The BVI Property Market
The BVI has a robust high-end property market, but there are also plenty of options. Land sales can start in the hundreds of thousands for developed property. However, both raw land and developed properties can run into the tens of millions. The market is deep and varied. There are seaside properties with marina facilities, a thriving residential resort industry offering condominiums and stand alone villas with good potential for rental income, as well as unique properties in a variety of reputable and/or exclusive neighbourhoods. The variety of islands, islets and cays offer as much or as little seclusion as might be desired. Some properties are accessible only by sea, but this has not presented an inconvenience, since property owners are also often yachters. New superyacht and megayacht facilities have lent a new dimension to the islands, with two new annual regattas causing stayover visitors to pour into the available accommodations, a boon for second-homeowners who make their properties available for rent when not in use.
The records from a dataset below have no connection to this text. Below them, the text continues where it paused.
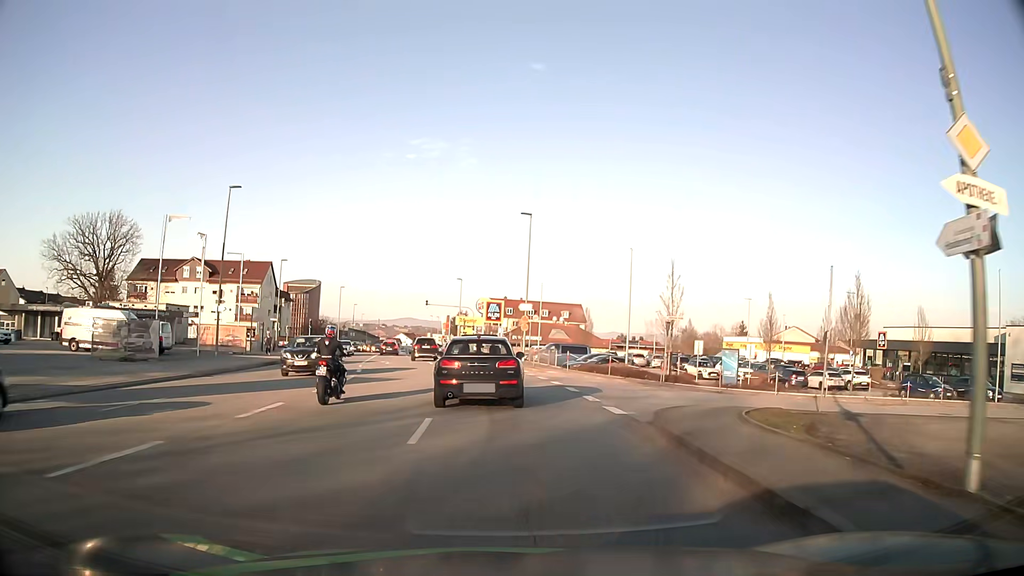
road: tertiary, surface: asphalt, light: Day
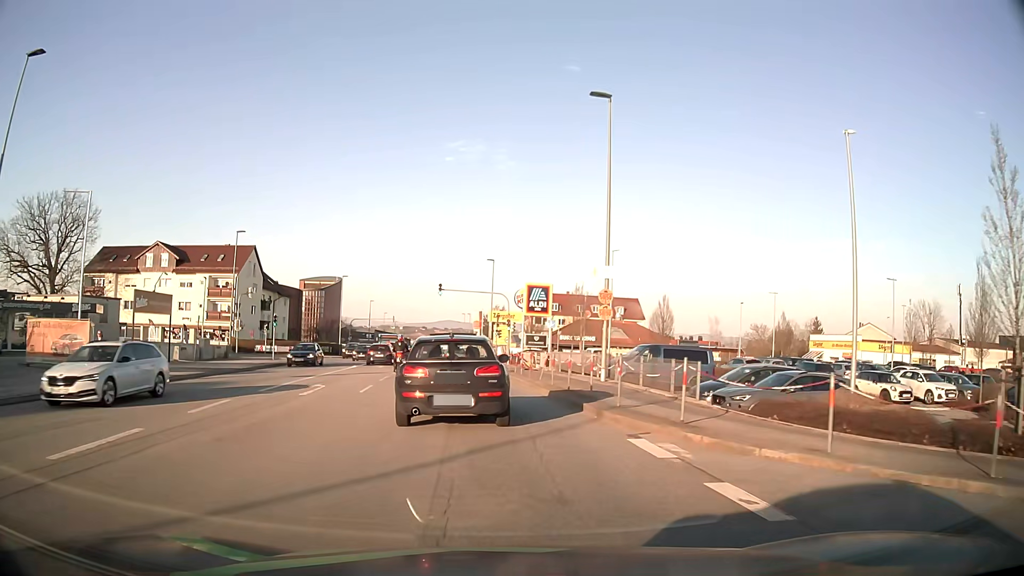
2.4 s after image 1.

This year has shown a marked upturn in sales, suggesting that the economic slowdown is nearing its end in both the US and the BVI, while property values have remained stable.
Ownership
A landholding licence is required for all who are not BVI citizens or belongers. This is called a Non-Blonger’s Landholding Licence. While you’ll hear the term “non-belonger” a lot, do not be intimidated. It’s simply legal speak for someone who is not a citizen or permanent resident of the BVI. The licensing process is designed to facilitate property ownership for those who truly want to own a home in the BVI while discouraging speculation in real estate and protecting the heritage of the people of the BVI. The prospective purchaser must provide evidence of identity, means, and character along with an appraisal and the agreement for sale, and certain other property details. If you intend to rent the property while it is not in use, this will have to be specifically stated in the licence and a trade licence for property rental obtained. The landholding licence is personal to the holder and applies only to the specific property mentioned within it. A separate licence is needed for each property.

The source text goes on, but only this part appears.